MK Party’s Busisiwe Mkhwebane, Mary Phadi headed for a showdown in court

As the MK Party enters yet ­another turbulent chapter, Adv Busisiwe Mkhwebane is making a final, fervent push to assert her leadership in Mpumalanga – not just against rival Mary Phadi, but against what she calls an ANC-backed ­Stratcom invasion of the party’s soul.
Mkhwebane has activated an aggressive mobilisation campaign to bus supporters from across Mpumalanga and even as far as KwaZulu-Natal to the Mbombela High Court, where the party’s leadership dispute will be heard on July 8.
In a sharply worded letter to MKP commanders, Mkhwebane called on “all members across the province” to stand united “in defence of the soul, principles and values of our organisation”.
She urged subregional leaders to collect donations, organise transport, and ensure “maxi­mum participation”.
“Your presence in Nelspruit will send a powerful message of unity and resilience in the
spi­rit of building the organisation,” she wrote.
The convener’s strategy hinges not only on legal contestation but also on public optics: a packed courthouse of loyalists in MKP colours demonstrating she commands real, on-the-ground support. But her deeper narrative is that the fight is no longer just internal – it’s existential.
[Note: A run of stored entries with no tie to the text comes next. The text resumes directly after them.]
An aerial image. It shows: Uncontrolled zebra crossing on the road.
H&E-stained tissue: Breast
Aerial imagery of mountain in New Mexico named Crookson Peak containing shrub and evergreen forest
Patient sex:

“This battle is not against Mary Phadi,” she told Sunday World, “but against the soul of MKP, which is under attack by Stratcom and ANC using all these [means] to weaken MKP.”
Mkhwebane says her effort is supported by MKP president Jacob Zuma’s affidavit, which insists that Phadi is not a party member and should be removed from her position in the Mpumalanga legislature.
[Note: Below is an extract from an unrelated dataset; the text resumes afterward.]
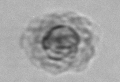
Label: Emiliania_huxleyi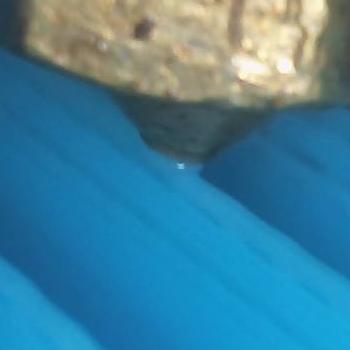
Flow rate: 224%

Meanwhile, social media chatter has added fuel to the fire. A faceless character known as “Baas Kruger” has been spreading claims that speaker of the legislature Lindi Masina is colluding with Phadi to undermine MKP’s internal structures and preserve ANC influence within the opposition benches.
The allegations, which include a claim that constituency funds are being deposited into Phadi’s personal bank account, have been dismissed as misleading and baseless by the Mpumala­nga provincial legislature.
“The allegations by the so-called ‘Baas Kruger’ about the speaker and the allocation of the MKP constituency funds are ill-informed, baseless and devoid of the truth,” said
legislature spokesperson Paul Mbe­nyane.
“The ‘source’ also refers to Ms Masina as the ANC speaker, which is even confusing and shows some lack of understanding of the distinction between the legislature and the ANC and the related processes involved.
“The legislature continues to allocate political party funding to all six represented parties as per the information provided by those parties – unless otherwise legally and lawfully advised,” Mbe­nyane said.
Mkhwebane’s mobilisation campaign has triggered a counteroffensive. Supporters of
Phadi have been circulating voice notes urging their own ranks to descend on the courthouse in defence of their leader.
What was meant to be a display of party unity may now resemble a battlefield of divided loyalties – one movement, two war cries.
The fallout has already spilt into the electoral arena. Several recent by-elections saw ANC candidates reclaiming ground in former MKP strongholds, as internal divisions paralysed its campaign machinery. MKP candidates were either backed or boycotted based on factional allegiance, costing the party crucial wards and eroding the momentum it had begun to build.